Ja, in Frankreich ist gestern das erste Küken in einem Nistkasten geschlüpft! Dann werden wir auch hier bald etwas Weißes unter PALATINA entdecken …

Vor dem Schlupf durchbricht der Schnabel des Kükens die Membran zur Luftkammer  und das Küken kann dann erstmals atmen! Ein wichtiger Zeitpunkt! Wird er verpasst, stirbt das Küken im Ei. (Wie wird so etwas gesteuert? Es gibt so Vieles, was wir Laien nicht wissen.) Wenn dann der kleine Sauerstoffvorrat dort zu Ende geht, bewegt das Küken die Nacken- und Beinmuskeln. So durchlöchert der “Eizahn” auf dem Oberschnabel des Kükens die Eischale von innen. Das ist selbstverständlich kein Zahn in unserem Sinn, sondern eine  winzige Spitze, die sich rasch beim Wachstum des Schnäbelchen zurück bildet. (Achten wir in den nachfolgenden Tagen darauf!) Nach einigen Atemzügen frischer Heidelberger Luft – in diesem Jahr besonders sauber! – und einer Erholungsphase, die einige Stunden dauern kann, stemmt das Küken erneut mit seinen Nacken- und Beinmuskeln gegen die nun bereits geöffnete Eischale. Der Pick öffnet sich so zu einem Riss und das spitze Eischalenende wird durch ein Aufbäumen weggedrückt! Ohne Eischale liegt nun das Küken im Sand! Wahrscheinlich  erkennen wir in den nächsten Tagen an einem braun-weißen Eischalenrest, der neben PALATINA sichtbar ist, dass ein erstes Küken geschlüpft ist.

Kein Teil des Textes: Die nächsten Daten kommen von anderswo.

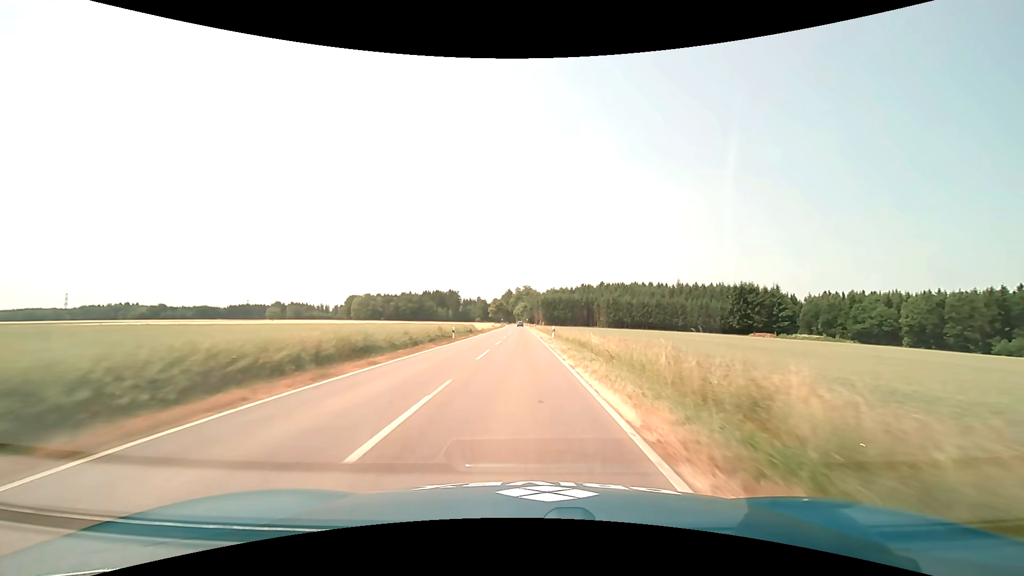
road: tertiary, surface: asphalt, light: Day
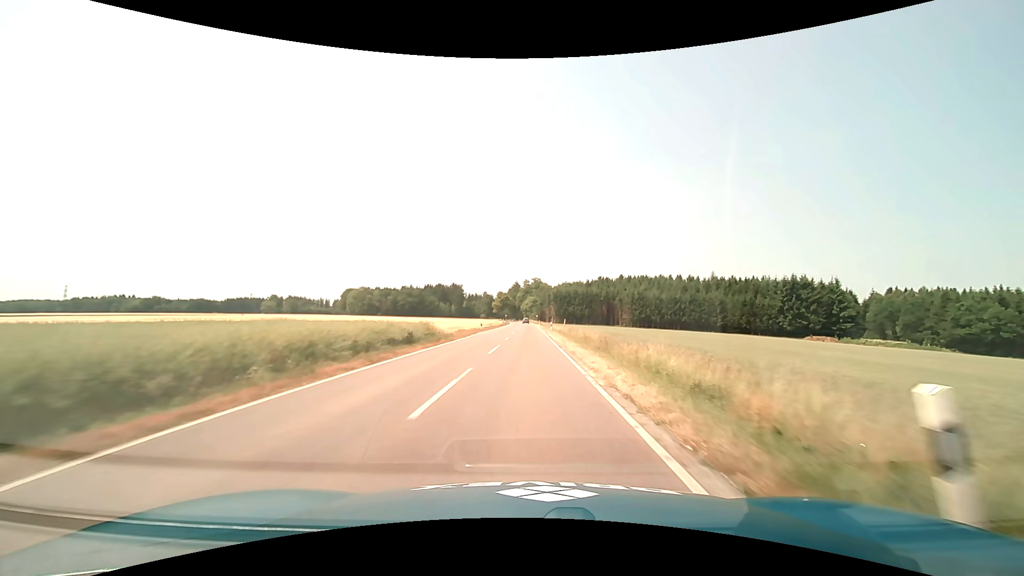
(-0.4, +35.2) m; -1°
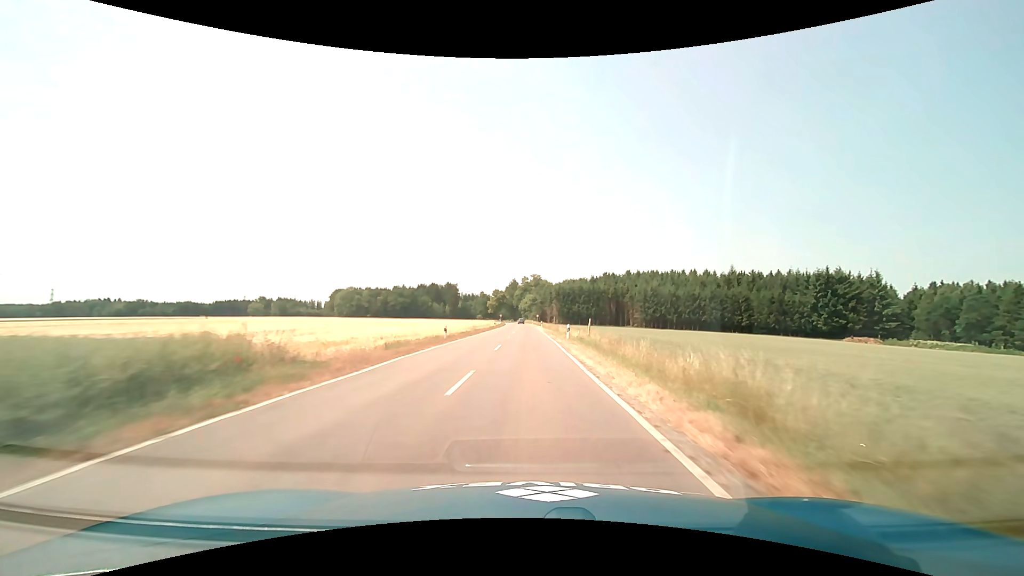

PALATINA unterstützt keineswegs diese “Flucht aus dem Ei”, beantwortet jedoch das leise Piepsen mit aufmunternden “Ack-Zick”-Lauten. Das feuchte, rosige und völlig erschöpft liegende Etwas wird unter der wärmenden Mutter sehr schnell getrocknet und sieht bereits nach wenigen Minuten als schneeweißes wolliges Kleinkind – na, ja! – irgendwie “süß” aus, das “Kindchenschema” der Verhaltensforscher I. Eibl-Eibesfeld & K.Lorenz lässt grüßen!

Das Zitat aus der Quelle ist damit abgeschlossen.